§ Required work
From the entries below, tally the lines with "left" in them and reply with that figure only.

§ Data for processing
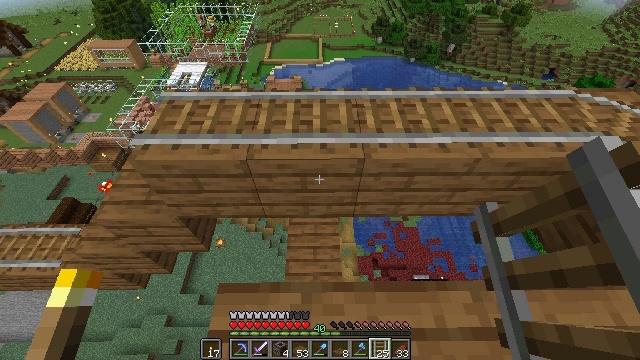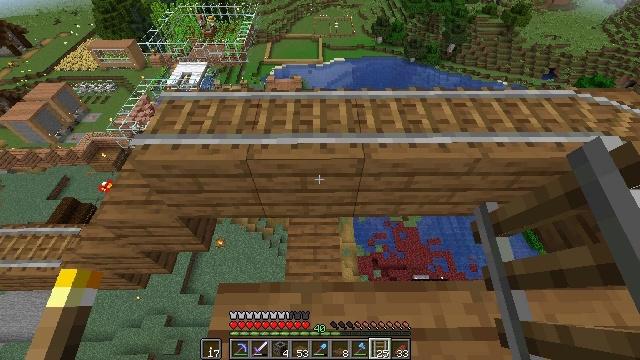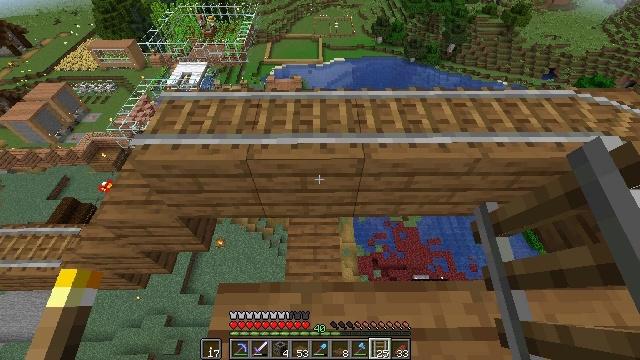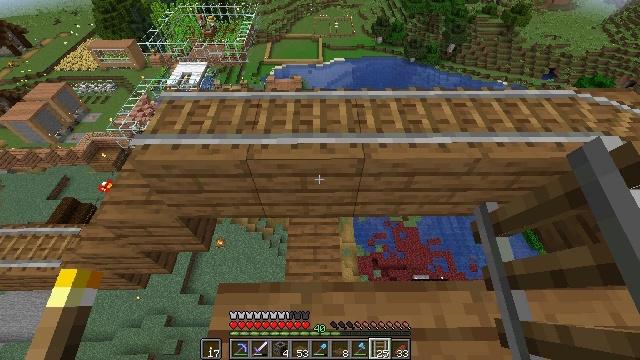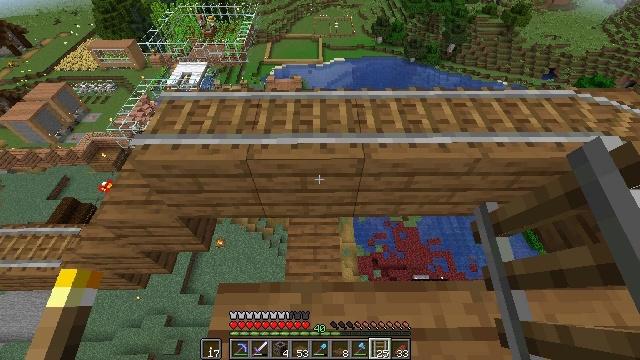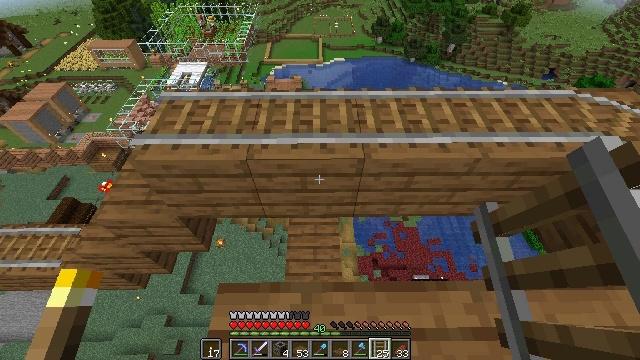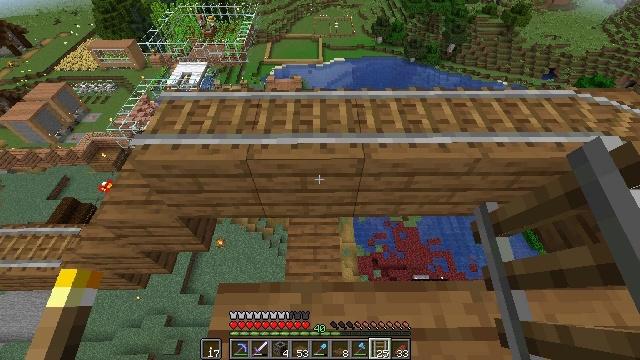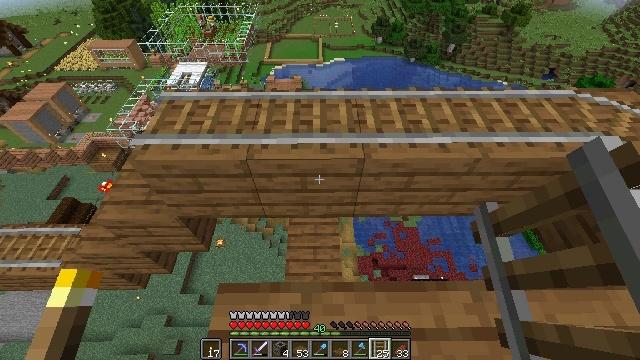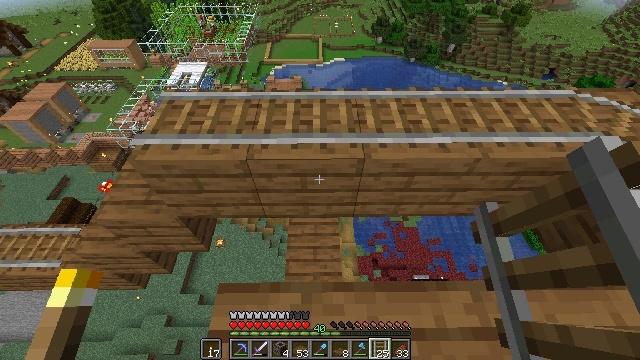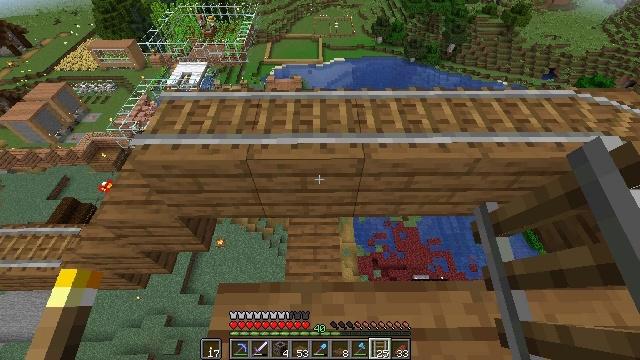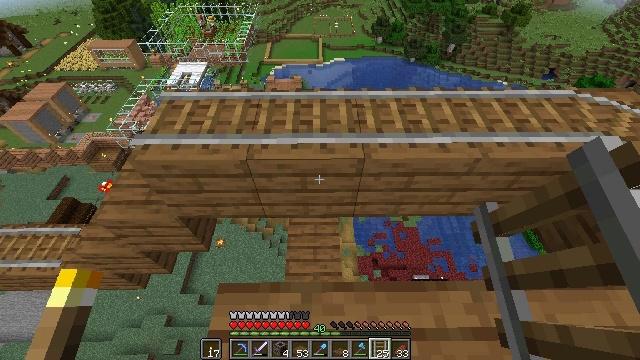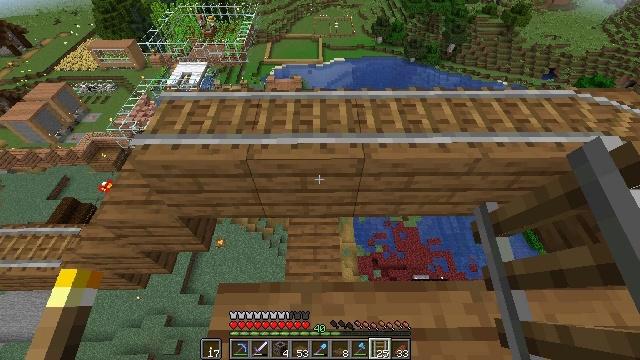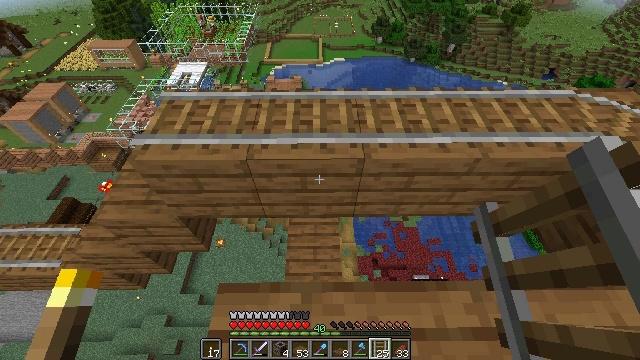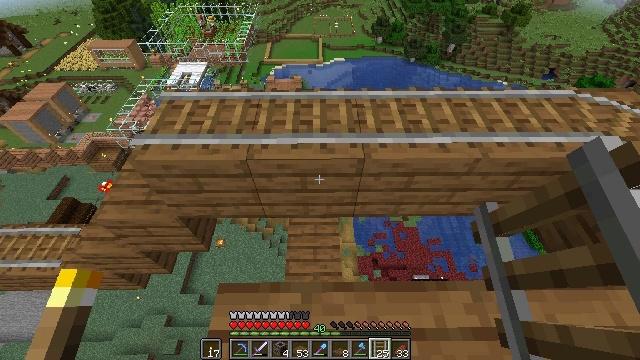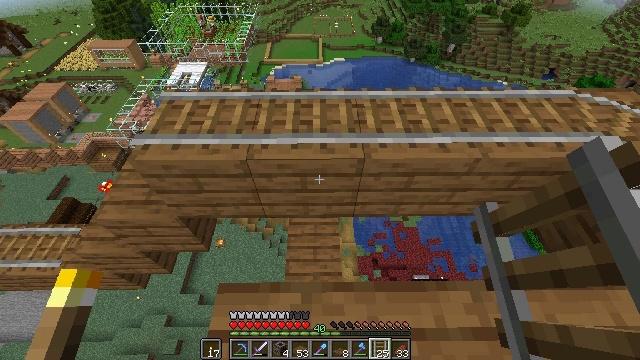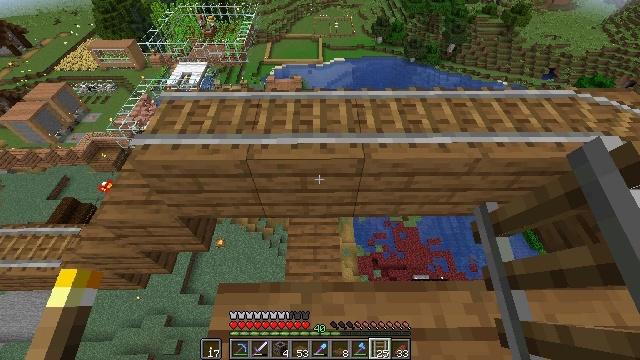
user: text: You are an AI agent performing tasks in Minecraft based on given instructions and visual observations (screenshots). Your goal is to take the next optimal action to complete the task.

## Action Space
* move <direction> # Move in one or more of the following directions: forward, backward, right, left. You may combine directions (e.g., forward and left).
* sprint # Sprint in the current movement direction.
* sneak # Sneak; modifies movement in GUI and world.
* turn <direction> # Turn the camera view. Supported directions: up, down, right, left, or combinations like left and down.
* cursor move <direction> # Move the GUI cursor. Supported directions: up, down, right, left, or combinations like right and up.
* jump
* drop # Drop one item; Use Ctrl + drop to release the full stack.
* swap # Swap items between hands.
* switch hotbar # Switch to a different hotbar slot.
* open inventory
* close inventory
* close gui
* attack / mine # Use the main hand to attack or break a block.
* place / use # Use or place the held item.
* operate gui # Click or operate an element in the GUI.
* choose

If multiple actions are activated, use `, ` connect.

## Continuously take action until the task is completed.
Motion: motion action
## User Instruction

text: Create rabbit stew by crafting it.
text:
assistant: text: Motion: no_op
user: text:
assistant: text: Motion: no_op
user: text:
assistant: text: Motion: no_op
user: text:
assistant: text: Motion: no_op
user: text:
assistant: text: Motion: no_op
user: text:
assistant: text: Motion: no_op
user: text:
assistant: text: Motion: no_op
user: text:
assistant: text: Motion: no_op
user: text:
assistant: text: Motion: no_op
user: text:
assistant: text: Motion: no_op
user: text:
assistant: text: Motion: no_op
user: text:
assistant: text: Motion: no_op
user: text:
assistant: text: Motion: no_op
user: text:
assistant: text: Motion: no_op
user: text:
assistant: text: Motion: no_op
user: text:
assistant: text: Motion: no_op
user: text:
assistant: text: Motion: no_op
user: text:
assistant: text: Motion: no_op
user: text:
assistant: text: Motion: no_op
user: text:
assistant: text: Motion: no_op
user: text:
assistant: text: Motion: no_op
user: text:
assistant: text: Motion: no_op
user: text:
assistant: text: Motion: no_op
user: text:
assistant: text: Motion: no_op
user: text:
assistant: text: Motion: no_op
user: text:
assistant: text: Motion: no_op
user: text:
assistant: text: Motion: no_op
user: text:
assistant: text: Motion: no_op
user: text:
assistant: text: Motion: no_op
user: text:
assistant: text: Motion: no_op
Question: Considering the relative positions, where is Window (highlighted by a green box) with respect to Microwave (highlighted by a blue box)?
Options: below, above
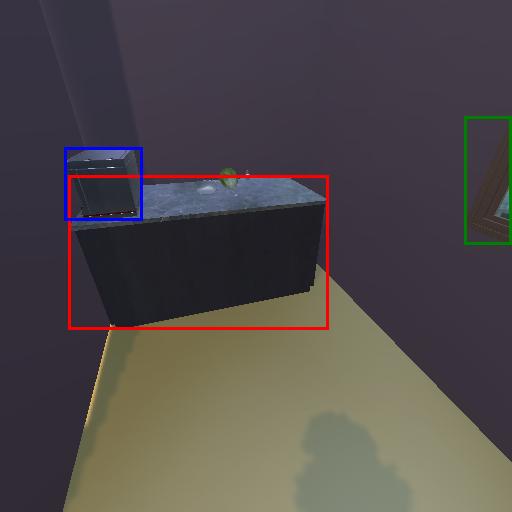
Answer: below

§ Reply to the exercise
3